The manager says, "I want those two back in the office after lunch."
Moral of the story:
Always let your boss have the first say...
A manufacturing plant was in full swing one day.
The company's massive machine was humming along, taking in the raw materials at one end and churning out the finished product at the other.
All of a sudden, the machine stopped and ground to a halt.
Workers climbed all over it like ants to get it started again.
The plant's manager stormed out of his office to find out why his multi-million- dollar machine wasn't making him any money.
He listened to his people saying they couldn't figure it out, and he told them to call a technician.
Soon a tech arrived, and the manager frantically explained to him that he needed his machine back as soon as possible.
The technician listened patiently, took one look at the massive hulk of motionless metal, and immediately walked over to a small panel, opening a tiny door inside to see a screw.
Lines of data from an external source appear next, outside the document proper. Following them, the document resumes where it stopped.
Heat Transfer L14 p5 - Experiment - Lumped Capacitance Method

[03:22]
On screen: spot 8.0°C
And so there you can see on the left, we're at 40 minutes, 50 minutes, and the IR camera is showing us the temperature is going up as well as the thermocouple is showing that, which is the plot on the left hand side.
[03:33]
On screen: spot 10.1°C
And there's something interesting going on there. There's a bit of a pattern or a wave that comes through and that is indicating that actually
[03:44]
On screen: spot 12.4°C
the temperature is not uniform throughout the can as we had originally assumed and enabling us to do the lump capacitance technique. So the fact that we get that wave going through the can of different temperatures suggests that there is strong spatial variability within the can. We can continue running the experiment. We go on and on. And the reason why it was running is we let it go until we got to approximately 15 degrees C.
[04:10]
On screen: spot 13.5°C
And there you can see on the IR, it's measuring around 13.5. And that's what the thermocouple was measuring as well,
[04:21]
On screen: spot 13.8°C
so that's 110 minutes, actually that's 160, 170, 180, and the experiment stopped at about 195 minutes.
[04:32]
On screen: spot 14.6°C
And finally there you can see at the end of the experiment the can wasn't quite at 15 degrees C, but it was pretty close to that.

The technician took a screwdriver and turned the screw one-quarter turn to the right, and the machine suddenly came back to life as if nothing was wrong.
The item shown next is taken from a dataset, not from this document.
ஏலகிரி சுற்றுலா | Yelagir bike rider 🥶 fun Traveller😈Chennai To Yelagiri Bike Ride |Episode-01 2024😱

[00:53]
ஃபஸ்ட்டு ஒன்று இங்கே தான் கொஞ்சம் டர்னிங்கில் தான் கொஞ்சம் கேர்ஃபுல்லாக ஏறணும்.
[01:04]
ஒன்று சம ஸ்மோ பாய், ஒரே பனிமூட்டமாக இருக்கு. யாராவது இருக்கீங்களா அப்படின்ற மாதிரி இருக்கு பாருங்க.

The manager hurried over to thank the technician, shook his hand, and asked what he owed him for saving his company.
The technician answered, "$100,000.00".
The manager looked at him and said, "You were here less than two minutes and just turned one screw. How can you charge so much? Give me an itemised bill."
The technician calmly wrote out on a piece of paper:
-Turning of one screw: $1.00.
-Knowing which screw to turn: $99,999.00.
Two muffins are sitting in an oven and one says to the other: "Man, it's hot in here!"
The other one says: "Ah! A talking muffin!"
Another one was: Doc, I can't stop singing the 'Green Green Grass of Home'.
He said: 'That sounds like Tom Jones syndrome'. 'Is it common?'I asked.
'It's not unusual' he replied.
A guy goes into a store and tells the clerk, "I’d like some Polish sausage."
The clerk looks at him and says, "Are you Polish?"
The guy, clearly offended, says, “"Well, yes I am. But let me ask you something. If I had asked for Italian sausage would you ask me if I was Italian? Or if I had asked for German bratwurst, would you ask me if I was German? Or if I asked for a kosher hot dog would you ask me if I was Jewish? Or if I had asked for a taco would you ask if I was Mexican? Would ya, huh? Would ya?"
The clerk says, "Well, no."
With deep self-righteous ndignation, the guy says, "Well, all right then, why did you ask me if I’m Polish just because I ask for Polish sausage?"
The clerk replies, "Because this is Home Depot."